How oil is funding the jihadi terrorists

There is a very interesting article in the Financial Times that demonstrates how ISIS is being funded by those opposed to them through their control of Syrian oilfields.

The paper says that oil is the black gold that funds Isis’ black flag. It fuels its war machine, provides electricity and gives the fanatical jihadis critical leverage against their neighbours:

But more than a year after US President Barack Obama launched an international coalition to fight Isis, the bustling trade at al-Omar and at least eight other fields has come to symbolise the dilemma the campaign faces: how to bring down the “caliphate” without destabilising the life of the estimated 10m civilians in areas under Isis control, and punishing the west’s allies?

The resilience of Isis, and the weakness of the US-led campaign, have given Russia a pretext to launch its own, bold intervention in Syria.

Despite all these efforts, dozens of interviews with Syrian traders and oil engineers as well as western intelligence officials and oil experts reveal a sprawling operation almost akin to a state oil company that has grown in size and expertise despite international attempts to destroy it.

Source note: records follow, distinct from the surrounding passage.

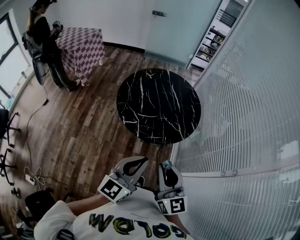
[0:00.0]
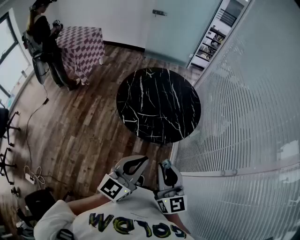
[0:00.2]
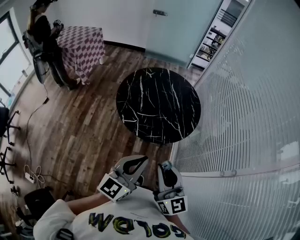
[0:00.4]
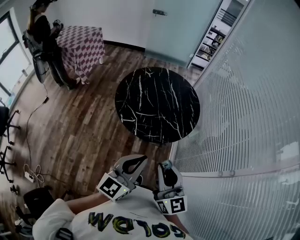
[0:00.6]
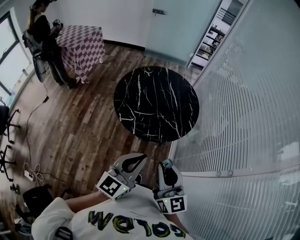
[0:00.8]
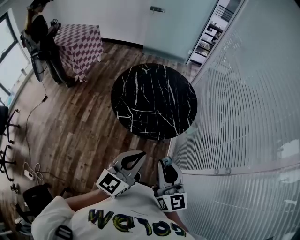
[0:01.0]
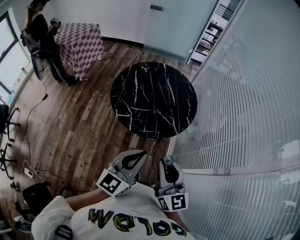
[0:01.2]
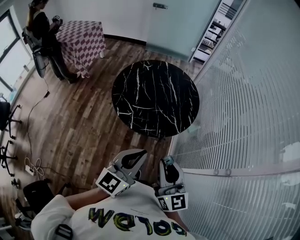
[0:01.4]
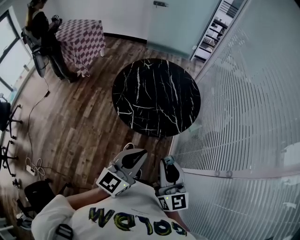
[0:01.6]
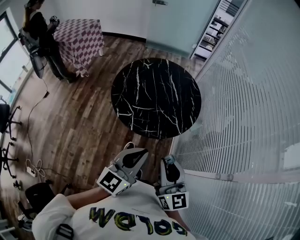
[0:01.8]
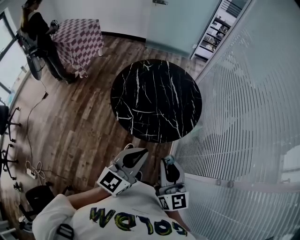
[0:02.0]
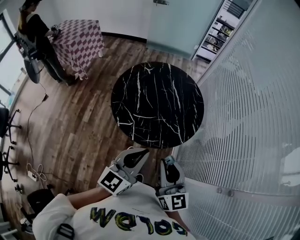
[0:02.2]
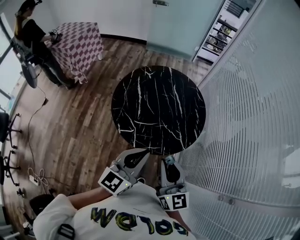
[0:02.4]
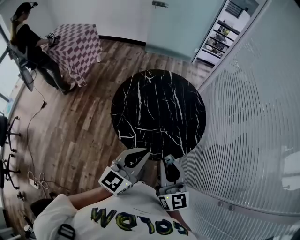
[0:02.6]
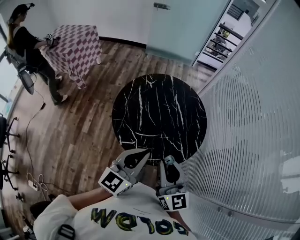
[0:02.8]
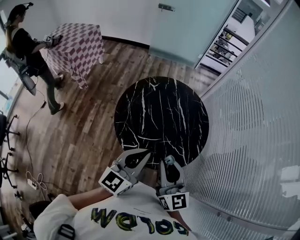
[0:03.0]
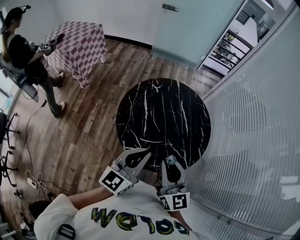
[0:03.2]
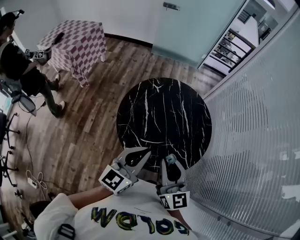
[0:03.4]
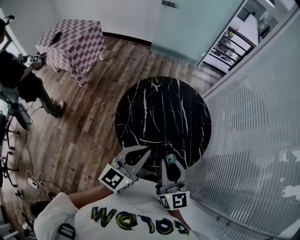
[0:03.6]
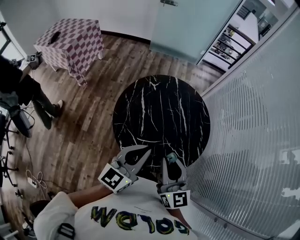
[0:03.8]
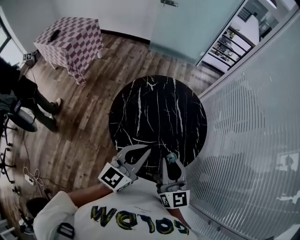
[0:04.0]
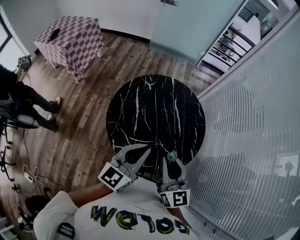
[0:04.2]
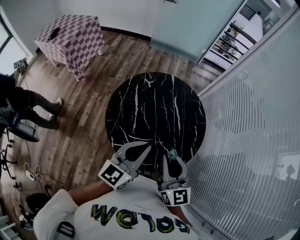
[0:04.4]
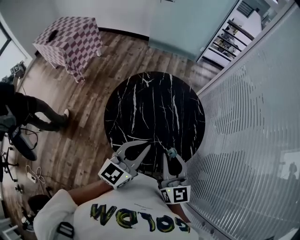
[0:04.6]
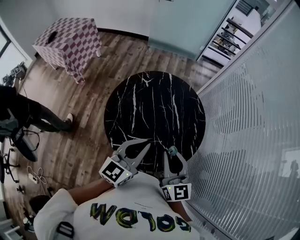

They add that estimates by local traders and engineers put crude production in Isis-held territory at about 34,000-40,000 barrels per day. The oil is sold at the wellhead for between $20 and $45 a barrel, earning the militants an average of $1.5m a day:

Isis’ oil strategy has been long in the making. Since the group emerged on the scene in Syria in 2013, long before they reached Mosul in Iraq, the jihadis saw oil as a crutch for their vision for an Islamic state. The group’s shura council identified it as fundamental for the survival of the insurgency and, more importantly, to finance their ambition to create a caliphate.

Most of the oil Isis controls is in Syria’s oil-rich east, where it created a foothold in 2013, shortly after withdrawing from the north-west — an area of strategic importance but with no oil. These bridgeheads were then used to consolidate control over the whole of eastern Syria after the fall of Mosul in 2014.

When it pushed through northern Iraq and took over Mosul, Isis also seized the Ajil and Allas fields in north-eastern Iraq’s Kirkuk province. The very day of its takeover, locals say, militants secured the fields and engineers were sent in to begin operations and ship the oil to market.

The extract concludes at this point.